» The task
Would you transcribe the line that holds "80 63 107 99" and all the lines below it, through the final one, exactly and with nothing else?
◇ ◇ ◇
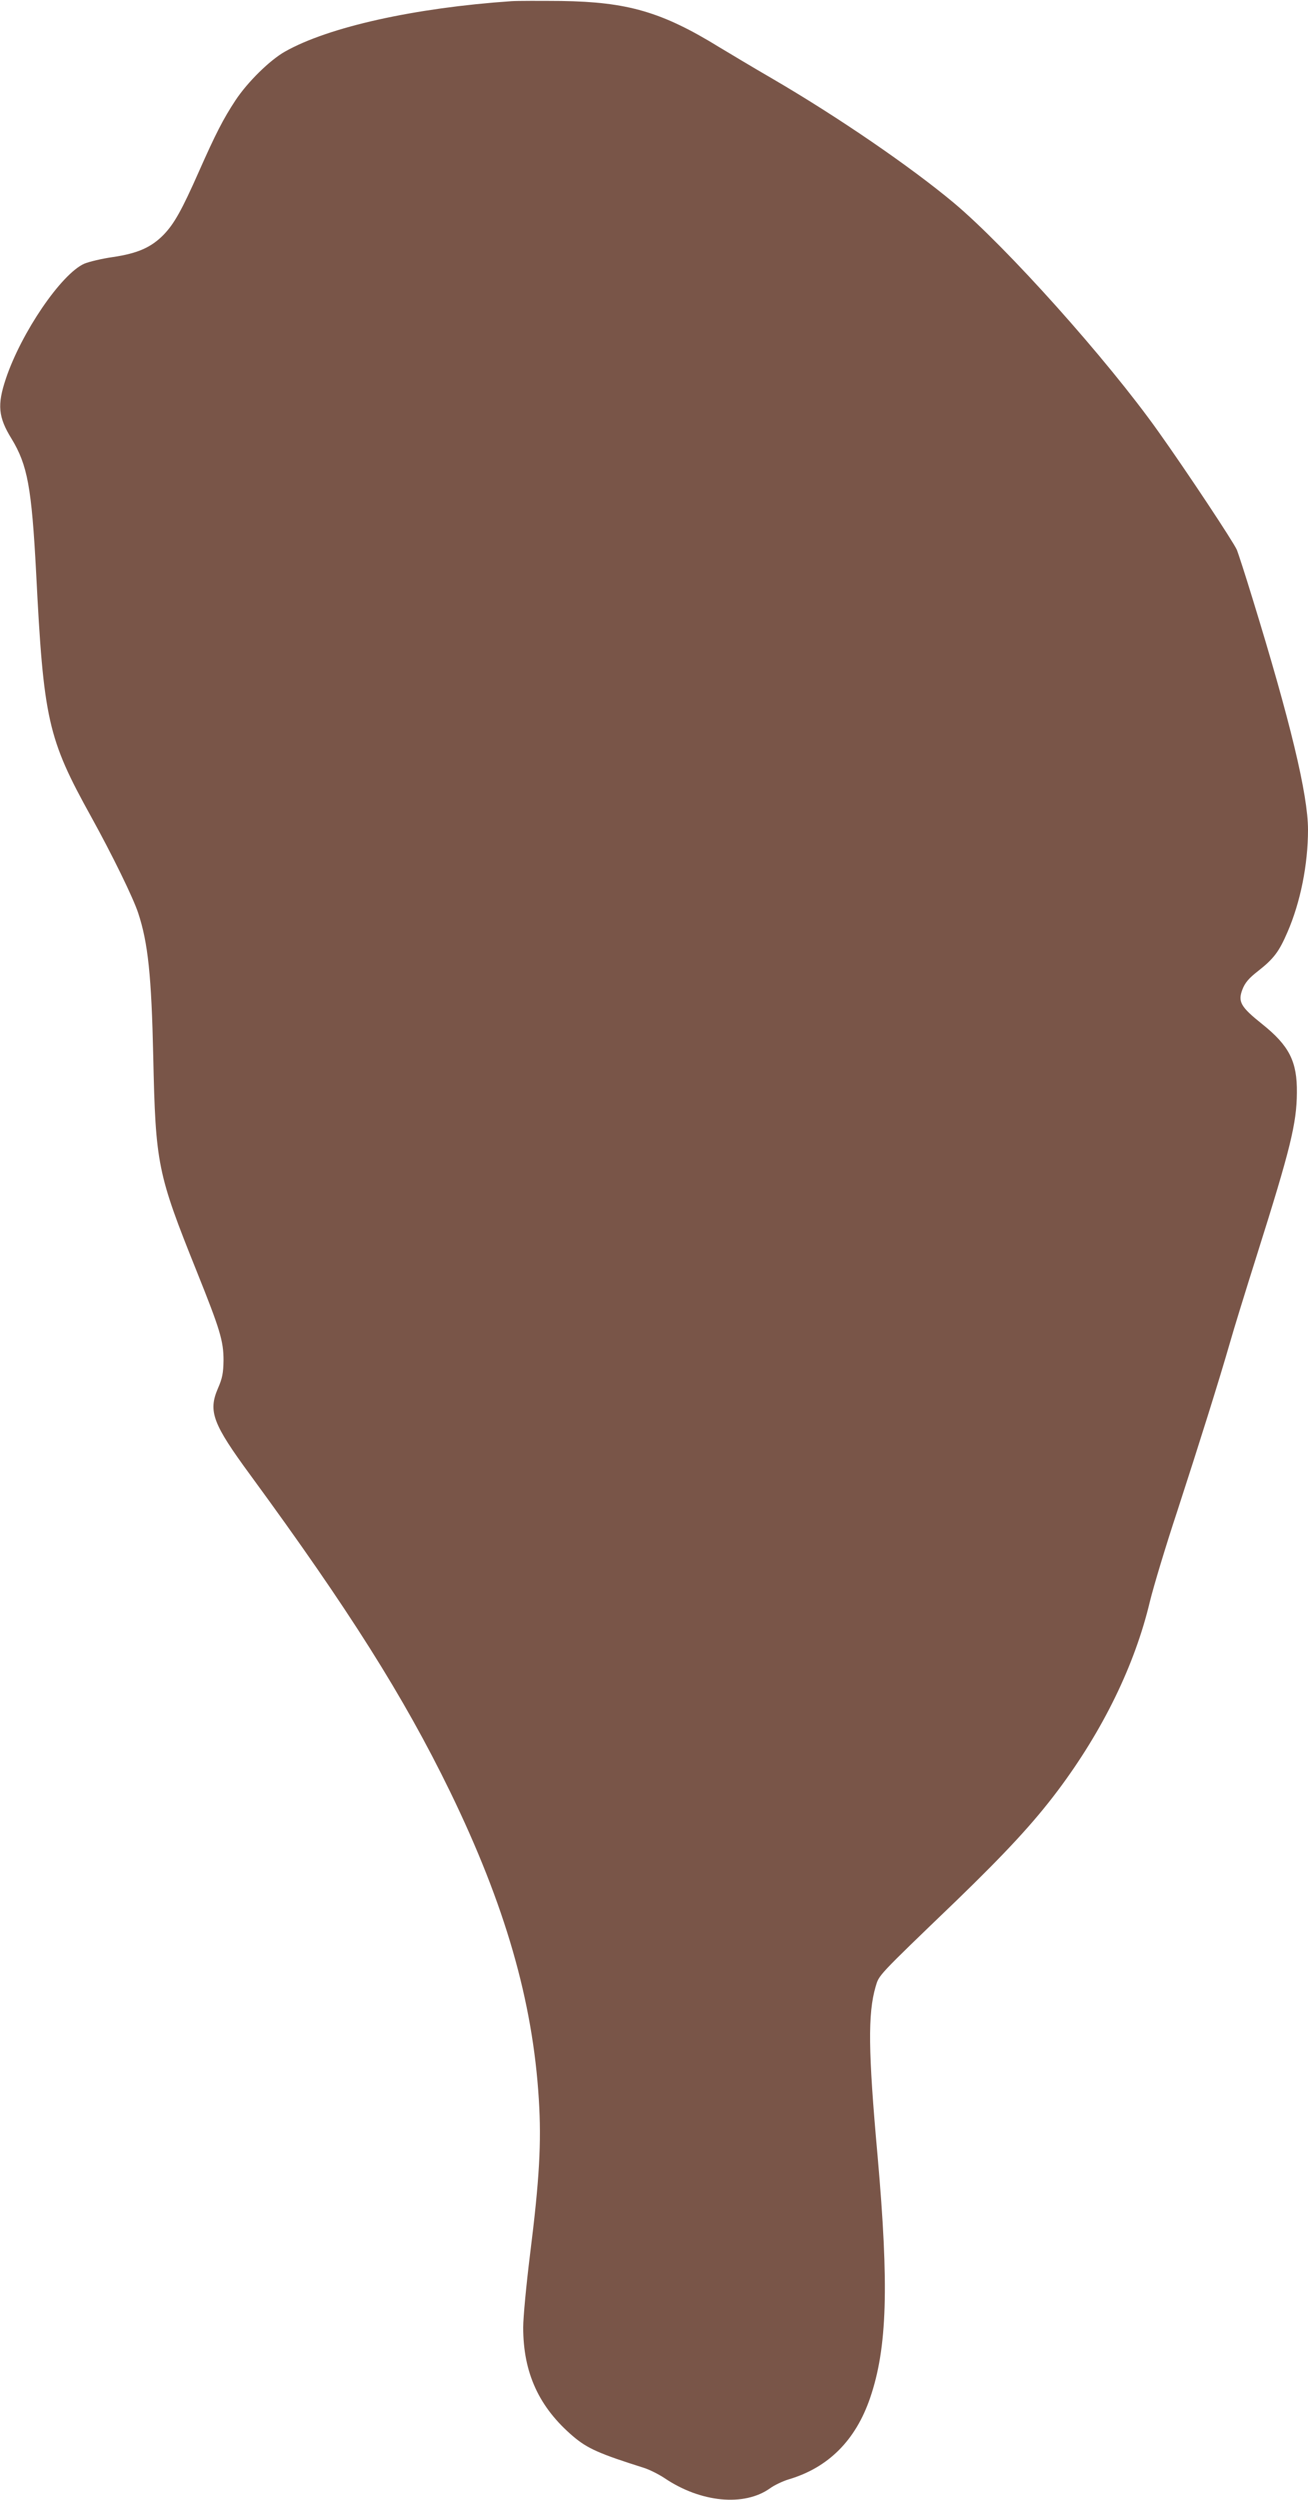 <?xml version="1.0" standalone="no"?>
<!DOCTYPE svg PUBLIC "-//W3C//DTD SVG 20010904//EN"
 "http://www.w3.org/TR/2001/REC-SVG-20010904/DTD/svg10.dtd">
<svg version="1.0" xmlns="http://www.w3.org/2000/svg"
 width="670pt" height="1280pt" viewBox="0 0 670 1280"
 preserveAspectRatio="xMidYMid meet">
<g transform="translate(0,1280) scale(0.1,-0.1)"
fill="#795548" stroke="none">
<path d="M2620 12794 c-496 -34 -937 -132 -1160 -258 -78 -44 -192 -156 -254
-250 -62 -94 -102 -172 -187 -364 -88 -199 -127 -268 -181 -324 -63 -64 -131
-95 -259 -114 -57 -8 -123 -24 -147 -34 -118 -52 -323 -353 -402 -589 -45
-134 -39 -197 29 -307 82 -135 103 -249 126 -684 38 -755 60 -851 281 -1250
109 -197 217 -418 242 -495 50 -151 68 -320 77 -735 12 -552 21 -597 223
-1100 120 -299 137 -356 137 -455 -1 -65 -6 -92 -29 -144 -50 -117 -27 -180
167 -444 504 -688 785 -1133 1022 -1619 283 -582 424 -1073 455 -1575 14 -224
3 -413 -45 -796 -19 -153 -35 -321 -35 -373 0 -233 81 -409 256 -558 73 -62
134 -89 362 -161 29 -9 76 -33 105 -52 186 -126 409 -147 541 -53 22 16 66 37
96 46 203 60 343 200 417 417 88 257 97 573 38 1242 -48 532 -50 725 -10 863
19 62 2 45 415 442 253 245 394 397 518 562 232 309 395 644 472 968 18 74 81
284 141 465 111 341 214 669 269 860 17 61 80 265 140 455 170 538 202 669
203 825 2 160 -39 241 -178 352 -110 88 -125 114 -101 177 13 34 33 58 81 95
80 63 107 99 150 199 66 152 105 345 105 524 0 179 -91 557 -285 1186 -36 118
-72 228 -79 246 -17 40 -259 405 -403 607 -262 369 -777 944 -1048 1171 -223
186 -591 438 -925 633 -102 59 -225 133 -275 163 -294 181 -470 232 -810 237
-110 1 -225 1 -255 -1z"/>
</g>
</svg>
◇ ◇ ◇
» Result of this task
80 63 107 99 150 199 66 152 105 345 105 524 0 179 -91 557 -285 1186 -36 118
-72 228 -79 246 -17 40 -259 405 -403 607 -262 369 -777 944 -1048 1171 -223
186 -591 438 -925 633 -102 59 -225 133 -275 163 -294 181 -470 232 -810 237
-110 1 -225 1 -255 -1z"/>
</g>
</svg>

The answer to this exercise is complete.